Ok Simon your getting a bit conqueror Kang here…your either another version of you or your big secret is…your part of a quintuplet set up or something. 🤣 love the content
OMG!! Someone else actually knows who Doc Smith is, and gave an accurate attribution! That's beyond amazing! The man's writing works, and the contributions they made to real world science so often get ignored it warms my heart to see some credit where it's due. Thank you.
Plasma can also be used to make plasma mirrors, and what are mirrors useful for? Light. There go your laser guns. Phasers are particle beams, so they'd also probably interact with plasma. Unfortunately impermeable plasma is only impermeable to cold plasmas and gasses, not solid objects
Reminds me of something I read quite awhile ago about the defense systems on the USS Ford. I apologize for being incredibly vague as I tried to look it up years ago without any luck but do remember it had to do with electricity and somehow shielded the hull. Anyone else able to fill in a few gaps are welcome.

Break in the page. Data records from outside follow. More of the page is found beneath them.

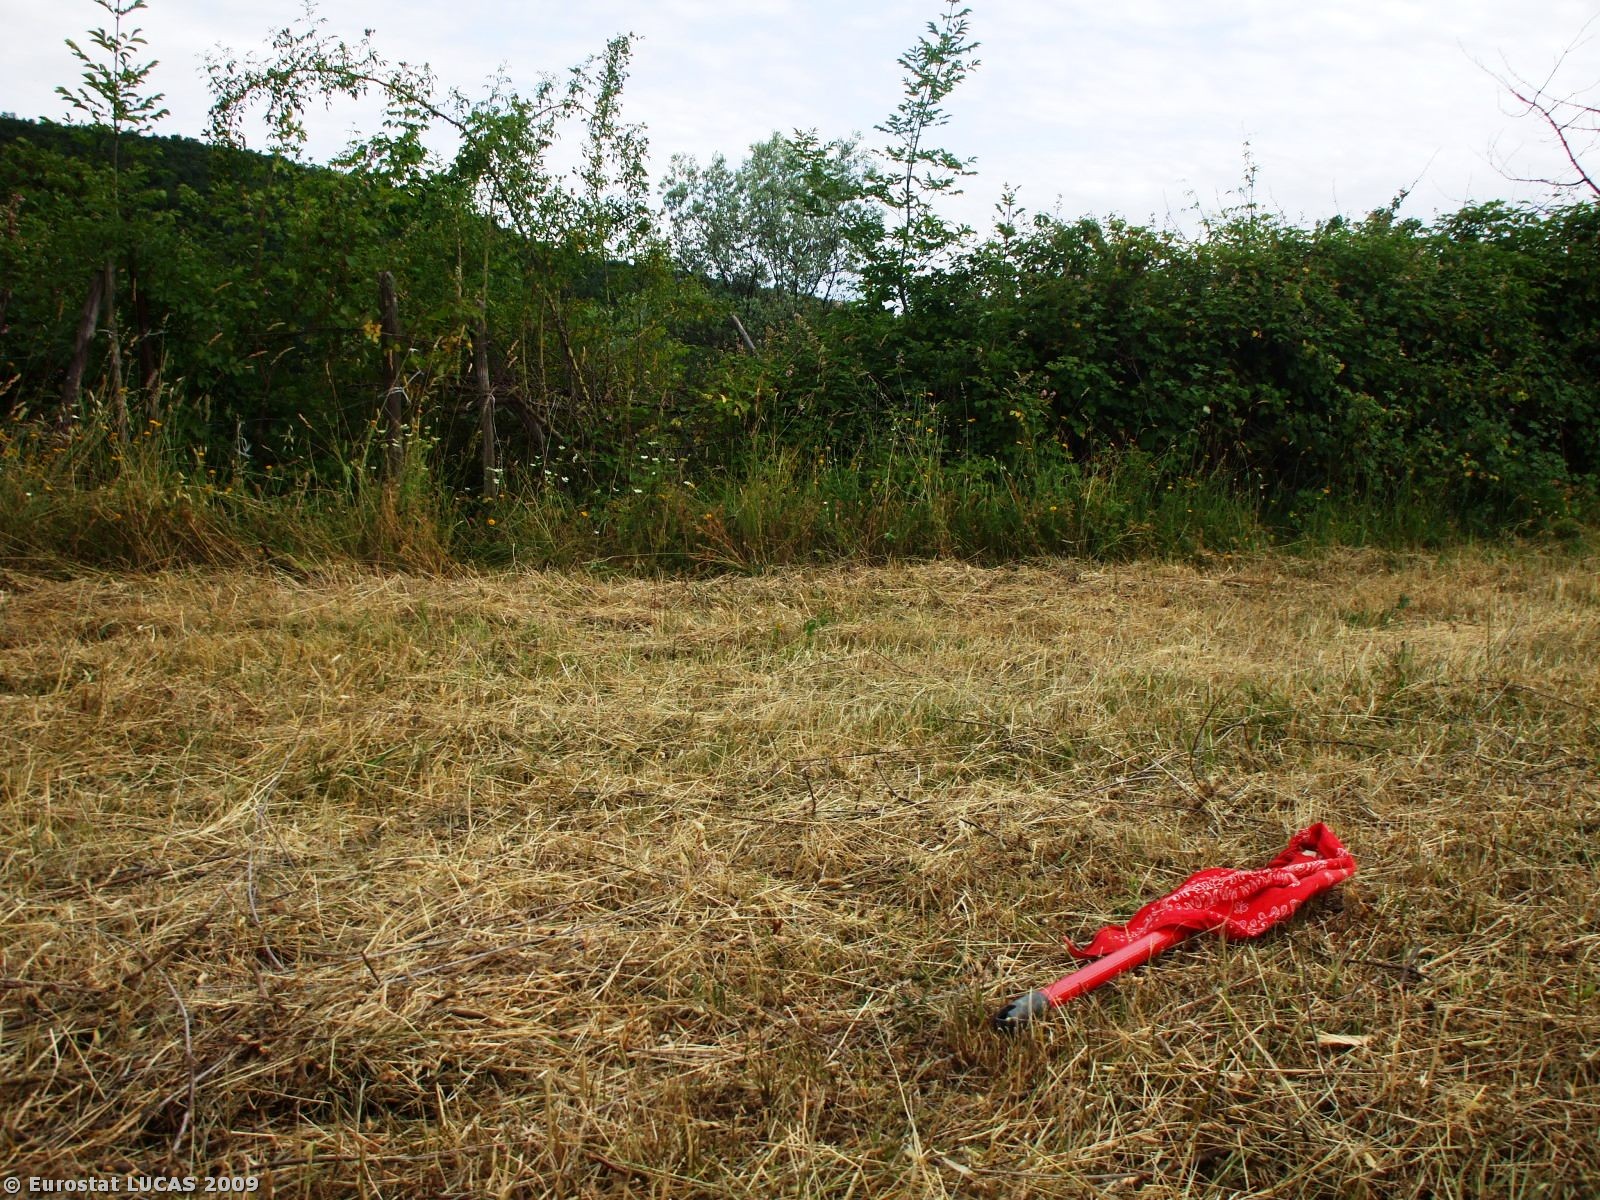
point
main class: Cropland
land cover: Olive groves
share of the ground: 10 - 25 %
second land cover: Grassland with sparse tree/shrub cover
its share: > 75 %
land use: Agriculture (excluding fallow land and kitchen gardens)
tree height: < 5 m
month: June
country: IT
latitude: 43.3989
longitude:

Congrats for "Whistlers Other"....lol 👍👍 Neat enough. & to think, 50+ years ago, an idea of a hand held device that could transmit & receive audio & visual data around the world. It got laughed at. Star Trek touched our far more than we think. Many thanx cast & crew. Enjoyed the "Rowdier" format. Go Simon!
I wish you had given more information on how the boing force field is supposed to be generated / function. I also kind of giggled at the thought of - Commercial aviation for ages now: "You have to turn off your cell phones during takeoff / landing because it may interfere with navigation and communications" Boing military projects: "We're going to ramp up so much EM (or whatever it is) that it will stop the shock blasts from enemy attacks"

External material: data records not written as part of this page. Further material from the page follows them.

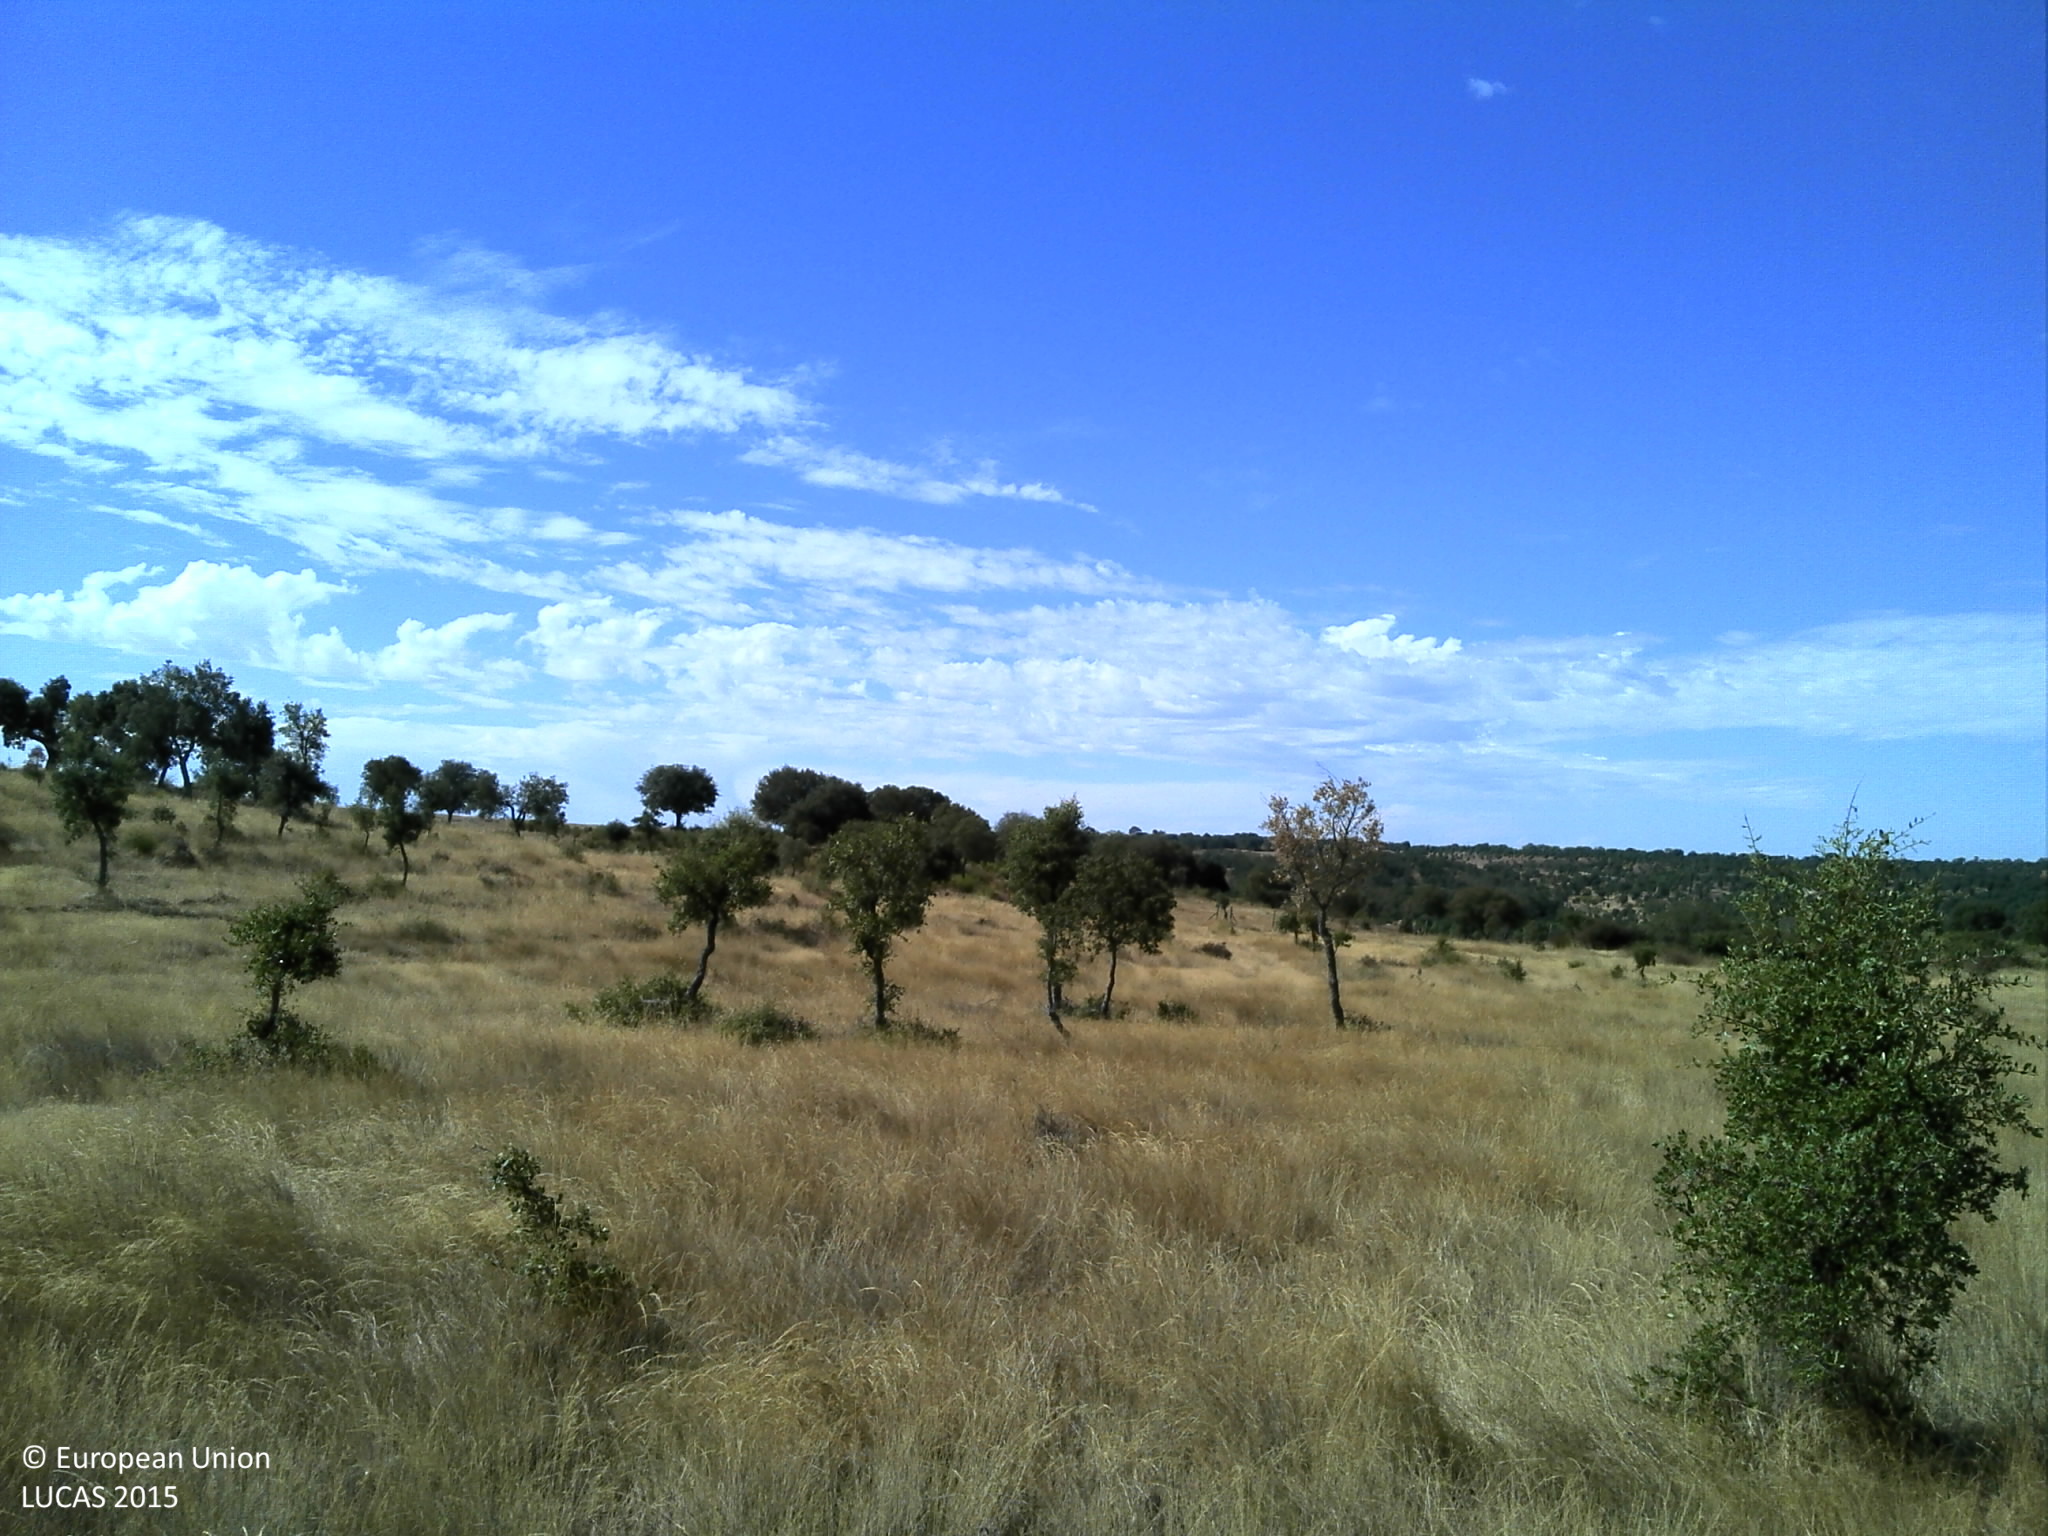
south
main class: Woodland
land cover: Broadleaved woodland
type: broadleaved evergreen forest
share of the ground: 10 - 25 %
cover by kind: unconsolidated bare surface 65 %, herbaceous plants 25 %, broadleaved forest trees 10 %
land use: Forestry
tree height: < 5 m
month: August
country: PT
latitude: 39.5165
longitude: -7.6733

I've seen two examples of force fields not shown in this video. One was from footage taken in a lab in Oxford. The area of the field was about the size of a ten pence piece because it required so much energy, that's the most they could manage. But with this they were able to place a tiny tree frog about the size of a finger nail, proving that they could repel neutrally charged matter. One unexpected side effect though was this also cancelled out gravity so the thing flopped all over the place like it was in space. The 2nd example was a German scientist who discovered he could levitate a car on a supercooled surface. The slight problem was the height was only a few millimetres and wasn't very stable, but again proved that under certain extreme circumstances, neutral matter can be repelled. Though, I don't think either one of these could stop projectiles.

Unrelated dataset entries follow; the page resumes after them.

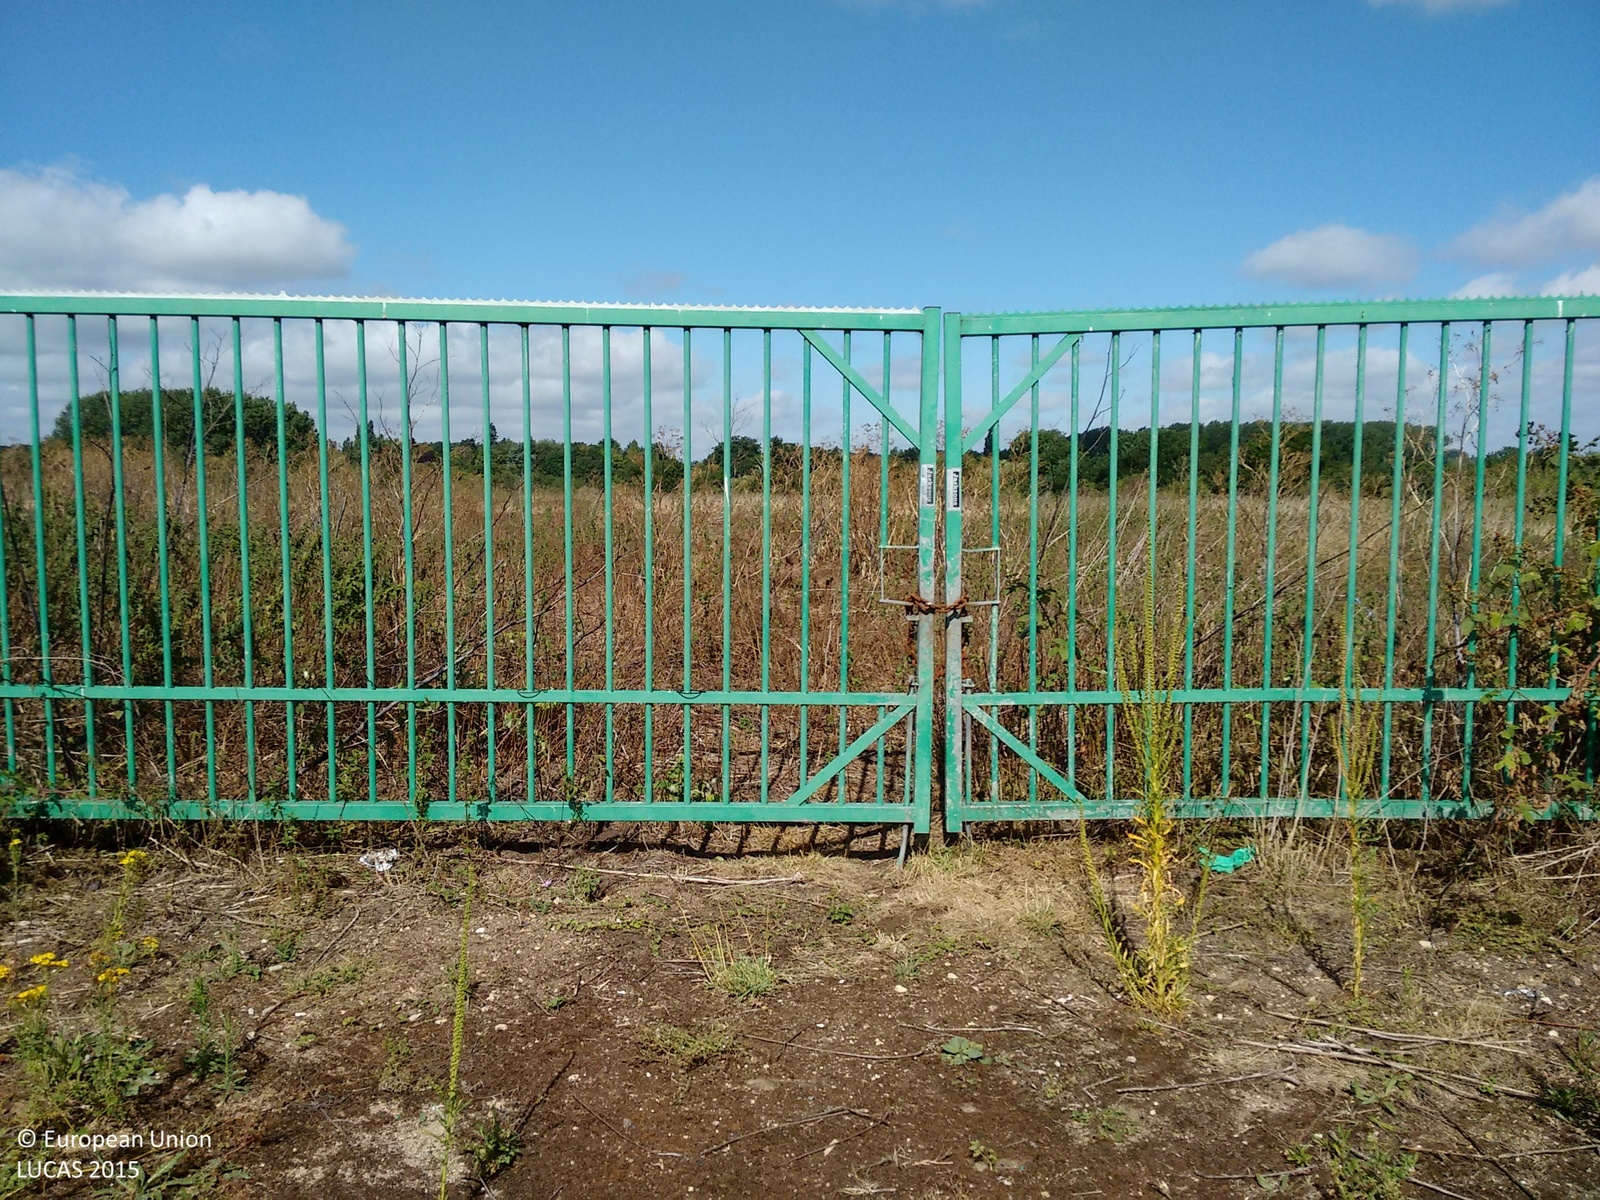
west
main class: Shrubland
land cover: Shrubland without tree cover
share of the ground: > 75 %
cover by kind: shrubs 50 %, herbaceous plants 40 %, consolidated bare surface 10 %
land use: Fallow land
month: July
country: GB
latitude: 51.3986
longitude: -0.5460

Years ago I watched a discovery Channel show about dampening fields. Would be good topic for another video. They used a wall of sound to stop an RPG round hitting a Humvee. Created a ionized wall around the building to absorb the shockwave of an explosion. I remember the show because it was about creating a Star Trek deflector array was the talking point that hooked me. I've tried to look it up, but can't find nothing. Good luck, hope to see a video soon.
Simon, there is a material that blocks lasers.... anything highly reflective... though I am sure that might have a limit. So have it have a one way mirror as a front, then photochromic properties to make it MORE reflective as it darkens.
That's what they were doing in star trek Picard's Trek. The hull plating was definitely polarizing to resist light weapons but I think it did some other fantastic stuff as well.
Longitudinal waves can travel at different speeds the higher the amplitude, the faster they go, so if a number of single polarised pulses (positive or negative) of ever increasing amplitudes are generated they can be made to align at a predetermined distance, a small opposite charged "tail" can be added to prevent mutual repulsion.
How have I not heard of this channel yet? I think I'm subbed to all of them and watch 75% of your videos (sweet watch time) and I haven't heard of this channel yet
Hope this channel can grow, unlike xplrd which I still feel sad didn't get any traction because I really enjoyed it. A topic I'd like to see is any kind of faster than light travel, just to see you and your team's take on it. Keep up the good work factboi!